Angularity and Angularity Number

Angularity describes the degree of departure of the particle shape from a sphere or rounded shape. It is commonly quantified by an angularity number related to the voids in a loosely packed bed of aggregates.

• The angularity number may be expressed as the difference between the measured percentage voids in an aggregate sample and a reference void percentage (typically 33%).
• Angularity number = (% voids observed) - 33.
• Examples from the given reference: if void content = 33% then angularity number = 0; if void content = 44% then angularity number = 11.
• Aggregates suitable for concrete commonly have angularity numbers in the range 0 to 11; 0 represents highly rounded aggregate and 11 represents very angular aggregate (as given by the cited examples).

Testing of Aggregates

Overview

Laboratory tests on aggregates evaluate mechanical properties (strength, resistance to abrasion and impact), shape characteristics (flakiness, elongation) and suitability for concrete or pavement works. The following are commonly used tests.

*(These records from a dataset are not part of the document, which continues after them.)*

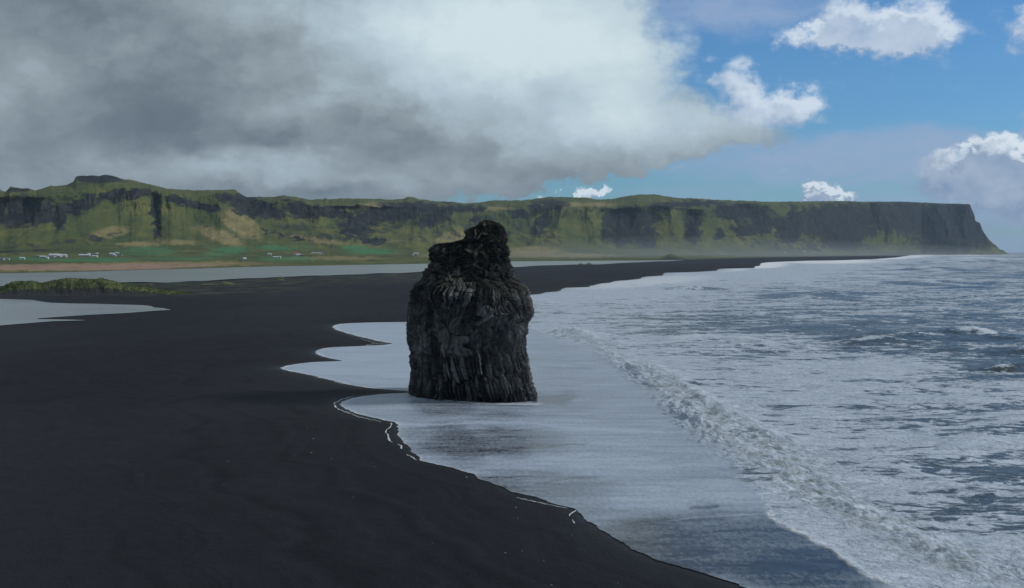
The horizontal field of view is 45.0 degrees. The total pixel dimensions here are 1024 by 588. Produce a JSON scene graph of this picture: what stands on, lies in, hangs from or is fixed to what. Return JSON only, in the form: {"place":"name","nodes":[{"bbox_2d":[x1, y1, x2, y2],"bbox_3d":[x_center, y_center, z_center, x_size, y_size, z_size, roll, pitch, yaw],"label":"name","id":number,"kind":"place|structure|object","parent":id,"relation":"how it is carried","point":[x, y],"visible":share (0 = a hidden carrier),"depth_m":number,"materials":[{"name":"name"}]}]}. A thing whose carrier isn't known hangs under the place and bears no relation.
{"place":"outdoors","nodes":[
{"label":"outdoors","id":0,"kind":"place"},
{"bbox_2d":[0,299,169,324],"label":"pond","id":1,"kind":"structure","parent":0,"point":[16,311],"depth_m":624.79,"materials":[{"name":"liquid"}]},
{"bbox_2d":[0,277,196,295],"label":"dune","id":2,"kind":"structure","parent":0,"point":[83,291],"depth_m":839.92,"materials":[{"name":"green plant"}]},
{"bbox_2d":[0,260,678,285],"bbox_3d":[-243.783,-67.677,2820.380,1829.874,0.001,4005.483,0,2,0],"label":"lagoon","id":3,"kind":"structure","parent":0,"point":[180,275],"depth_m":1740.46,"materials":[{"name":"liquid"}]},
{"bbox_2d":[0,255,908,587],"bbox_3d":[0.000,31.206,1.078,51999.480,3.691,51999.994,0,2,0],"label":"ground","id":4,"kind":"structure","parent":0,"point":[124,437],"depth_m":169.41,"materials":[{"name":"black sand"}]},
{"bbox_2d":[197,281,239,285],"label":"hummock","id":5,"kind":"object","parent":4,"relation":"on","point":[223,283],"visible":0.69,"depth_m":1072.03,"materials":[{"name":"green plant"}]},
{"bbox_2d":[658,254,691,259],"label":"hummock","id":6,"kind":"object","parent":4,"relation":"on","point":[671,257],"visible":0.88,"depth_m":4429.56,"materials":[{"name":"green plant"}]},
{"bbox_2d":[0,175,1008,272],"bbox_3d":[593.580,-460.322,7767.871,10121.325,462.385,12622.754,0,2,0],"label":"hills","id":7,"kind":"structure","parent":0,"point":[140,225],"depth_m":5091.17,"materials":[{"name":"green plant"}]},
{"bbox_2d":[79,254,89,256],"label":"barn","id":8,"kind":"structure","parent":7,"relation":"on","point":[84,255],"depth_m":3101.86,"materials":[{"name":"white glass"}]},
{"bbox_2d":[0,0,1023,252],"label":"sky","id":9,"kind":"structure","parent":0,"point":[459,101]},
{"bbox_2d":[281,253,1023,587],"bbox_3d":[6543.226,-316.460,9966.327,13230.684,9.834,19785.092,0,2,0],"label":"sea","id":10,"kind":"structure","parent":0,"point":[831,424],"depth_m":222.89,"materials":[{"name":"grey liquid"}]},
{"bbox_2d":[318,324,575,523],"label":"foam lace","id":11,"kind":"object","parent":10,"relation":"on","point":[413,457],"visible":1,"depth_m":202.24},
{"bbox_2d":[406,219,537,402],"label":"sea stack","id":12,"kind":"object","parent":10,"relation":"in","point":[470,312],"visible":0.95,"depth_m":248.82,"materials":[{"name":"black stone"}]}
]}

Aggregate Crushing Value (ACV) Test

The aggregate crushing value indicates the resistance of an aggregate to crushing under a gradually applied compressive load. It gives a relative measure of the aggregate crushing strength.

• Sample selection and preparation: take the prescribed sample fraction (in the given reference, aggregates passing 12.5 mm sieve and retained on 10 mm sieve were used). Oven-dry the sample at 100-110°C for 3-4 hours.
• Filling the cylinder: fill the cylindrical measure in three approximately equal layers; tamp each layer 25 times with a standard tamping rod.
• Initial mass: record the mass of the oven-dried sample (W1).
• Crushing: place the plunger and sample assembly in the compression testing machine. Apply load uniformly so as to attain the specified maximum load (the provided procedure applies a load of 40 tonnes in about 10 minutes) or as per the relevant standard for the apparatus used.
• Sieving and final mass: sieve the crushed sample through a 2.36 mm sieve and record the mass of material passing the 2.36 mm sieve (W2).
• Computation: Aggregate crushing value = (W2 / W1) × 100 %.
• Interpretation: higher ACV indicates poorer resistance to crushing (i.e., a weaker aggregate); lower ACV indicates better crushing resistance.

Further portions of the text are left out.